Protein-Protein Interactions Prediction Based on Graph Energy and Protein Sequence Information.
Xu, D, Xu, H, Zhang, Y, Chen, W, Gao, R
Molecules (Basel, Switzerland). 2020;(8)
Abstract
Identification of protein-protein interactions (PPIs) plays an essential role in the understanding of protein functions and cellular biological activities. However, the traditional experiment-based methods are time-consuming and laborious. Therefore, developing new reliable computational approaches has great practical significance for the identification of PPIs. In this paper, a novel prediction method is proposed for predicting PPIs using graph energy, named PPI-GE. Particularly, in the process of feature extraction, we designed two new feature extraction methods, the physicochemical graph energy based on the ionization equilibrium constant and isoelectric point and the contact graph energy based on the contact information of amino acids.
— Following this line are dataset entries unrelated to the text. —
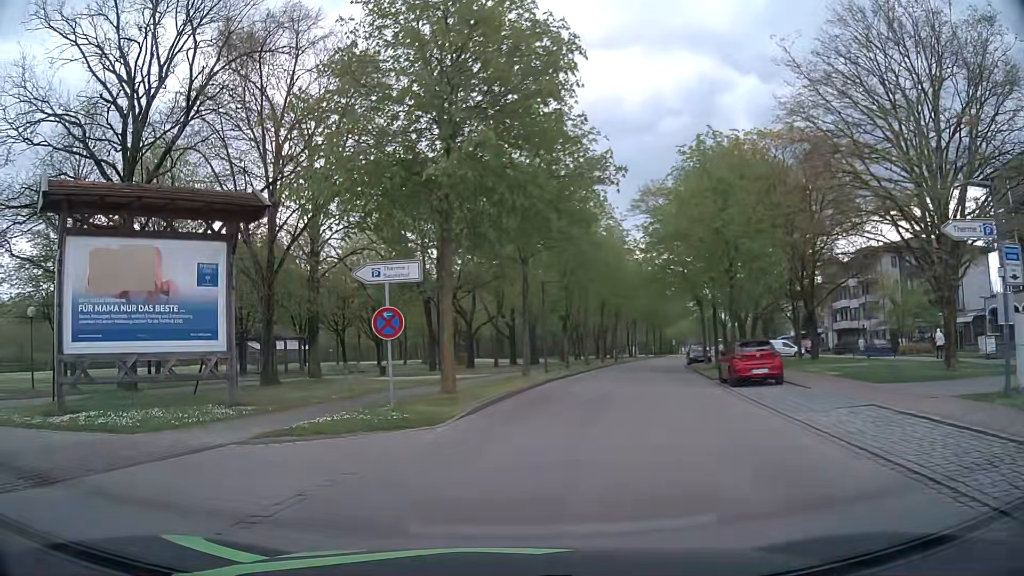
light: Day
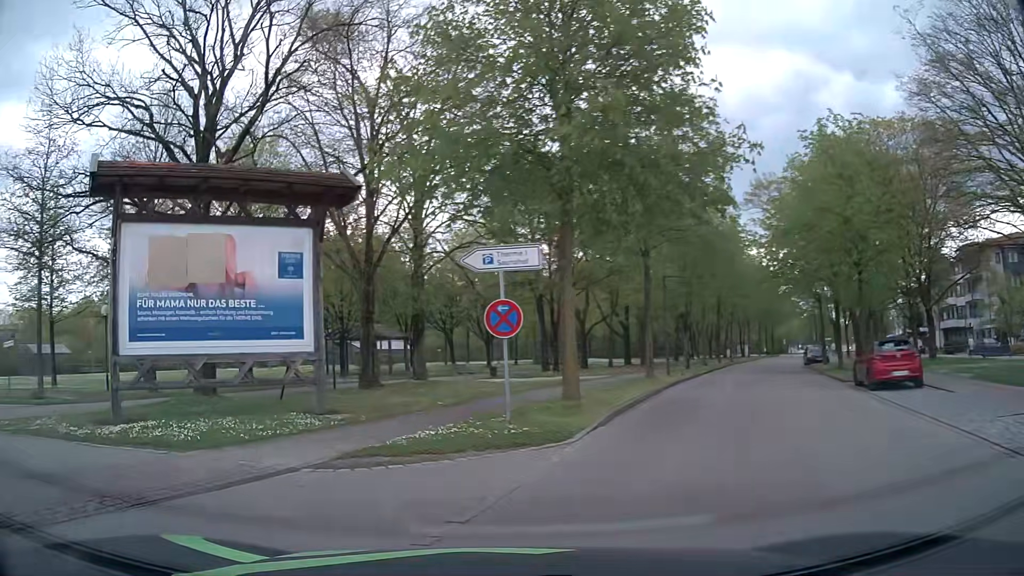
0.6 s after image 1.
(-0.1, +2.0) m; -9°
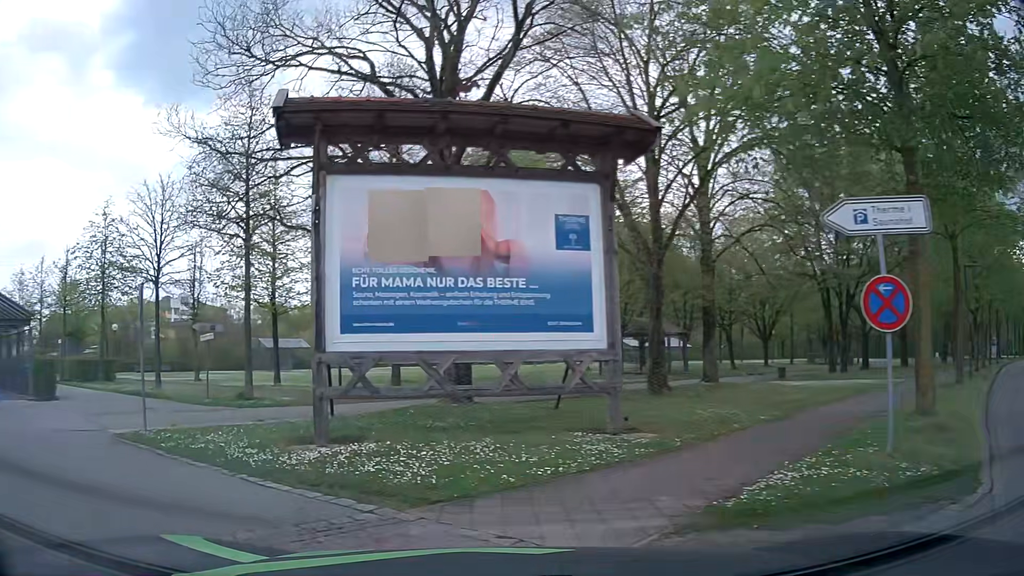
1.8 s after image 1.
(-0.6, +3.5) m; -23°
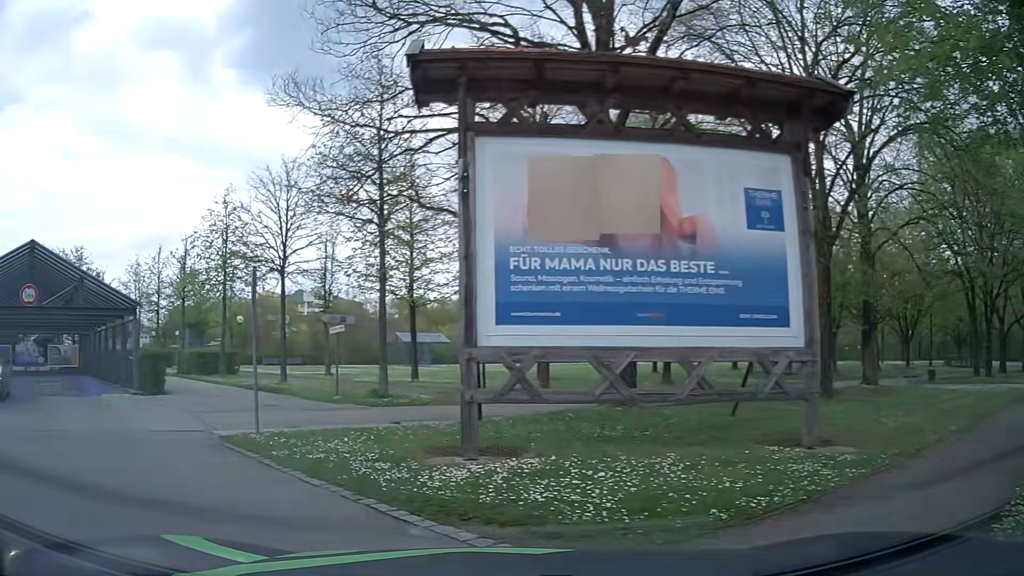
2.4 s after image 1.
(-0.1, +1.6) m; -11°
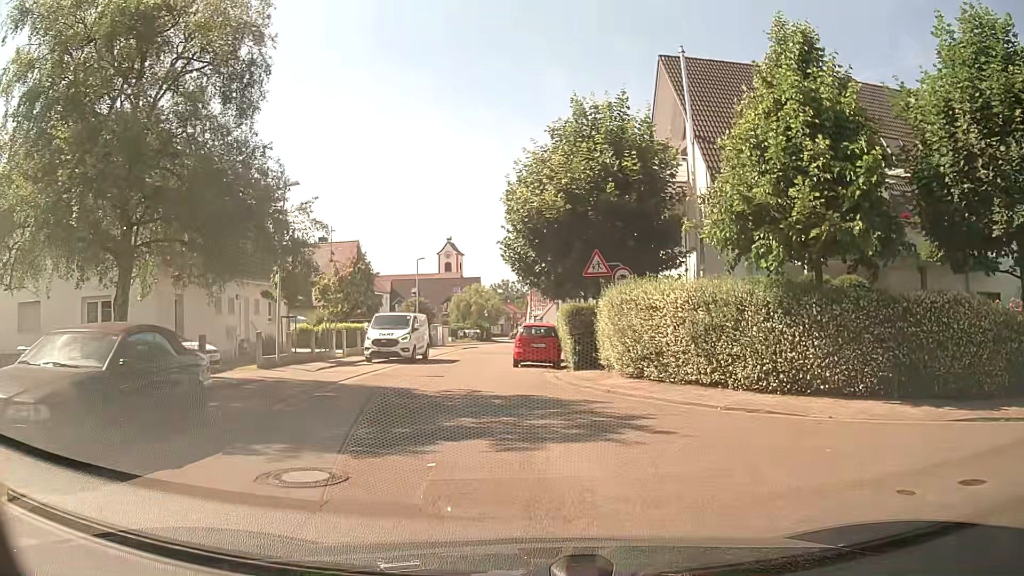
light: Day
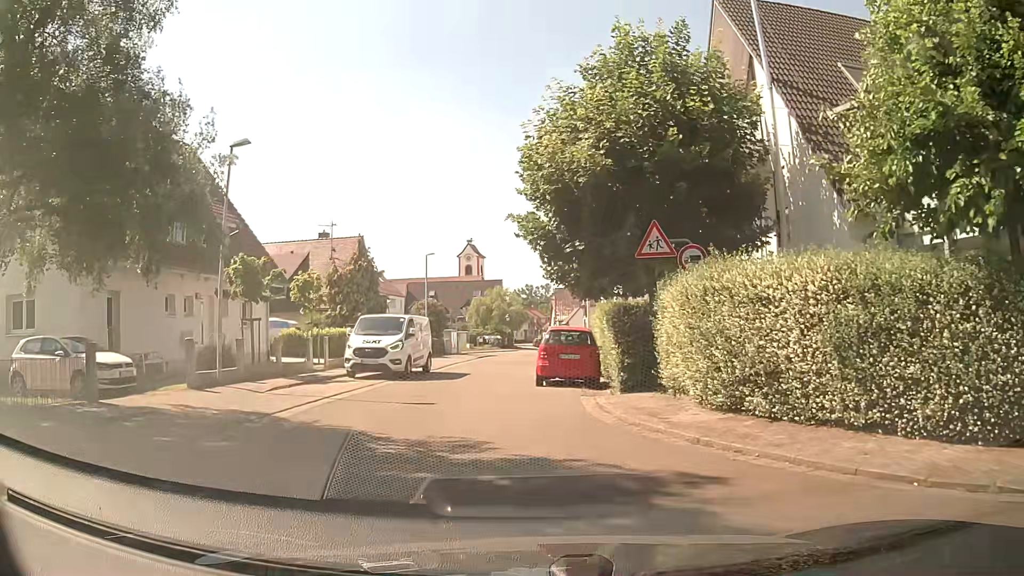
(-0.1, +6.0) m; -3°
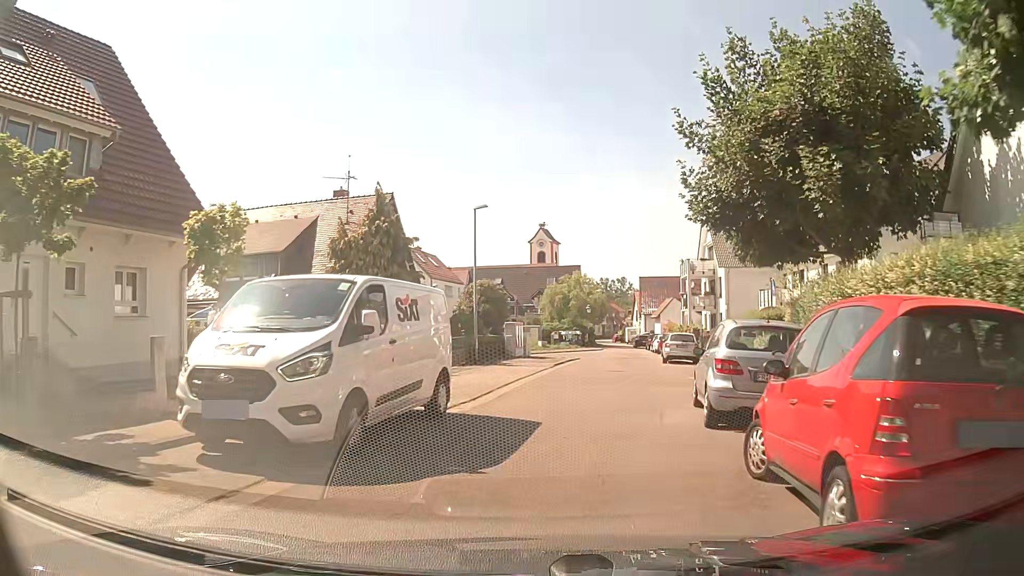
(-0.9, +14.0) m; -5°
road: residential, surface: asphalt
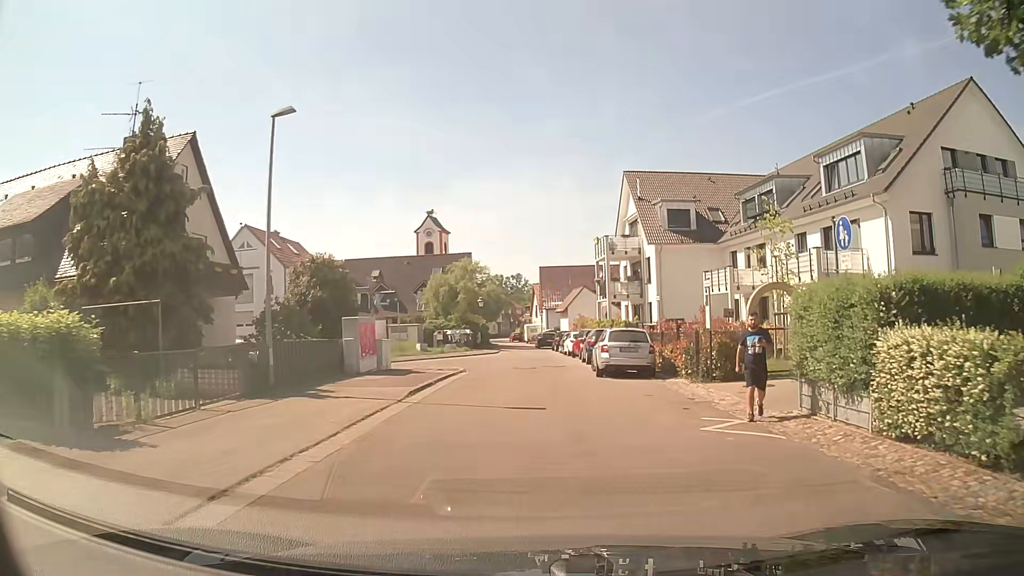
(+0.9, +12.0) m; +7°
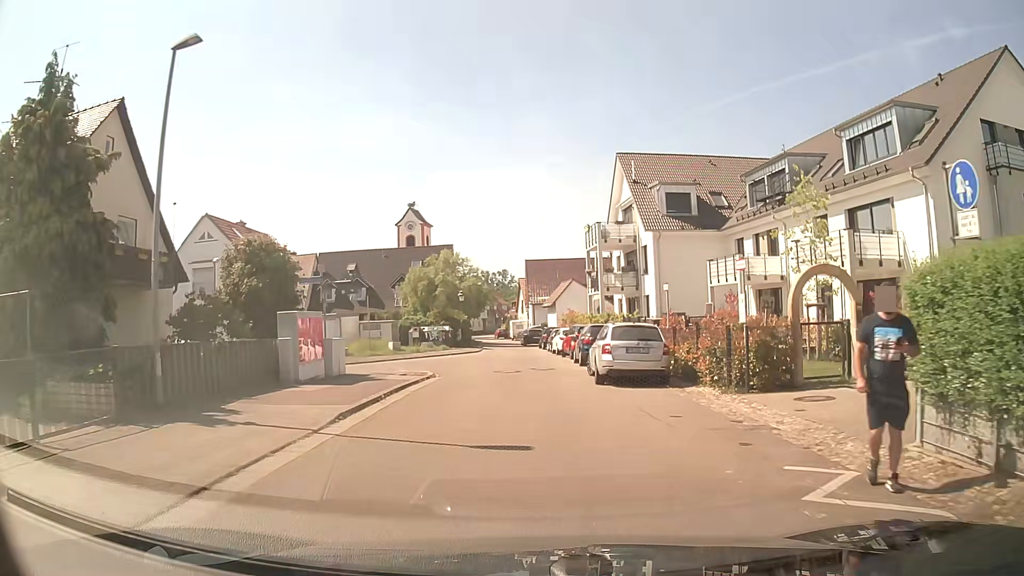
(+0.1, +4.1) m; +2°
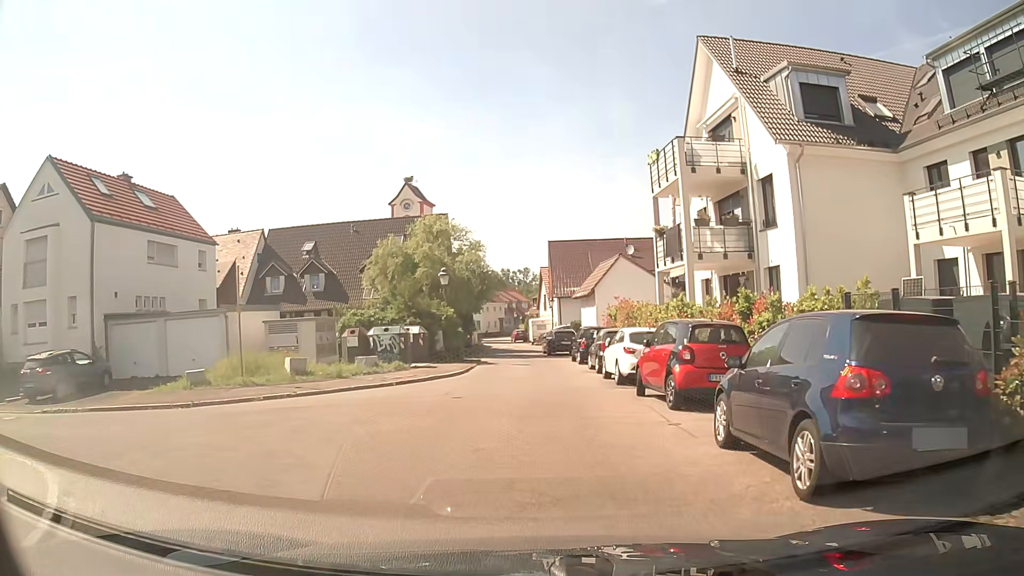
(-0.2, +18.4) m; -2°
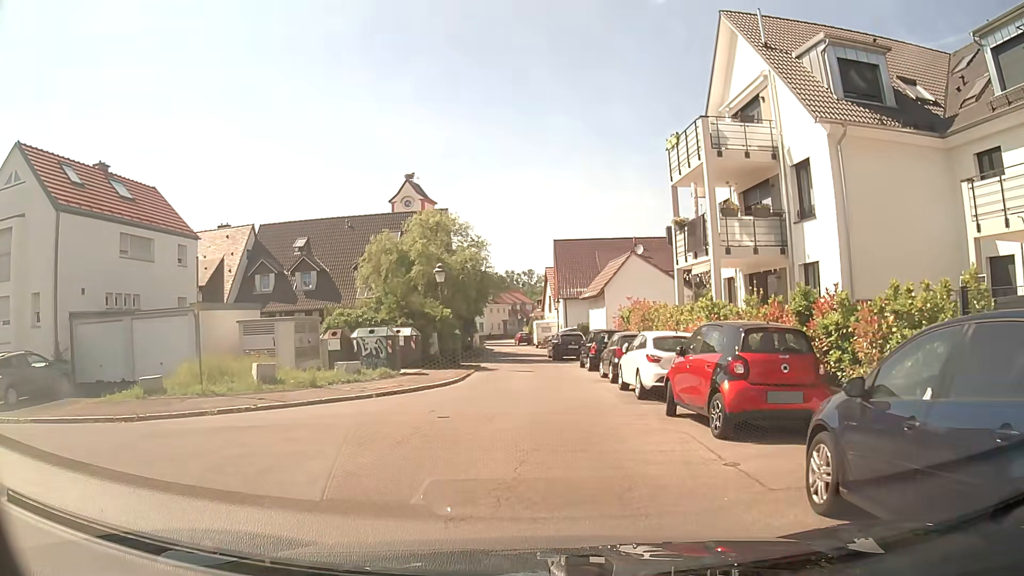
(0.0, +2.7) m; +1°
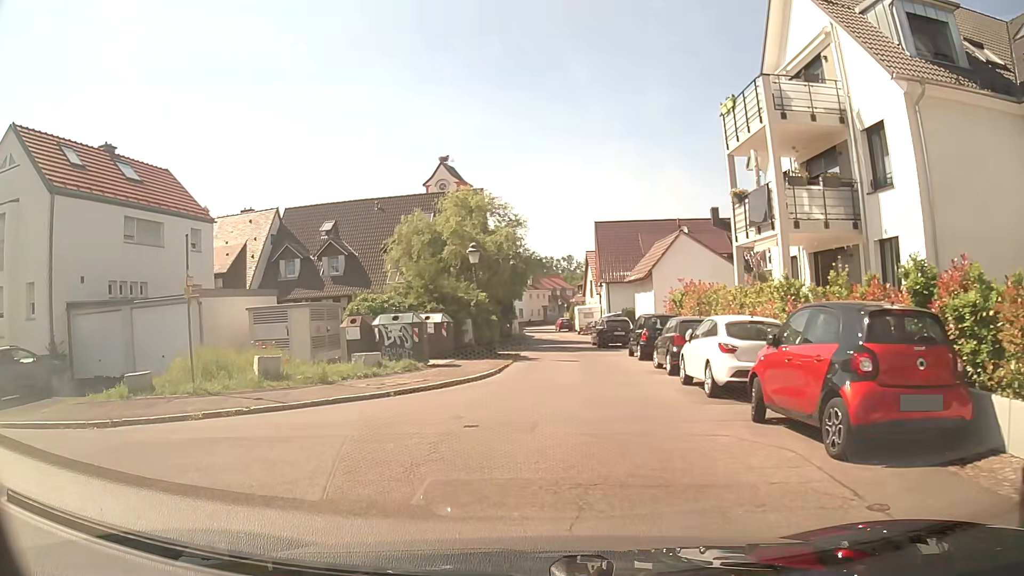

The dipeptide composition method was used for order information of amino acids. After multi-information fusion, principal component analysis (PCA) was implemented for eliminating noise and a robust weighted sparse representation-based classification (WSRC) classifier was applied for sample classification. The prediction accuracies based on the five-fold cross-validation of the human, Helicobacter pylori (H. pylori), and yeast data sets were 99.49%, 97.15%, and 99.56%, respectively. In addition, in five independent data sets and two significant PPI networks, the comparative experimental results also demonstrate that PPI-GE obtained better performance than the compared methods.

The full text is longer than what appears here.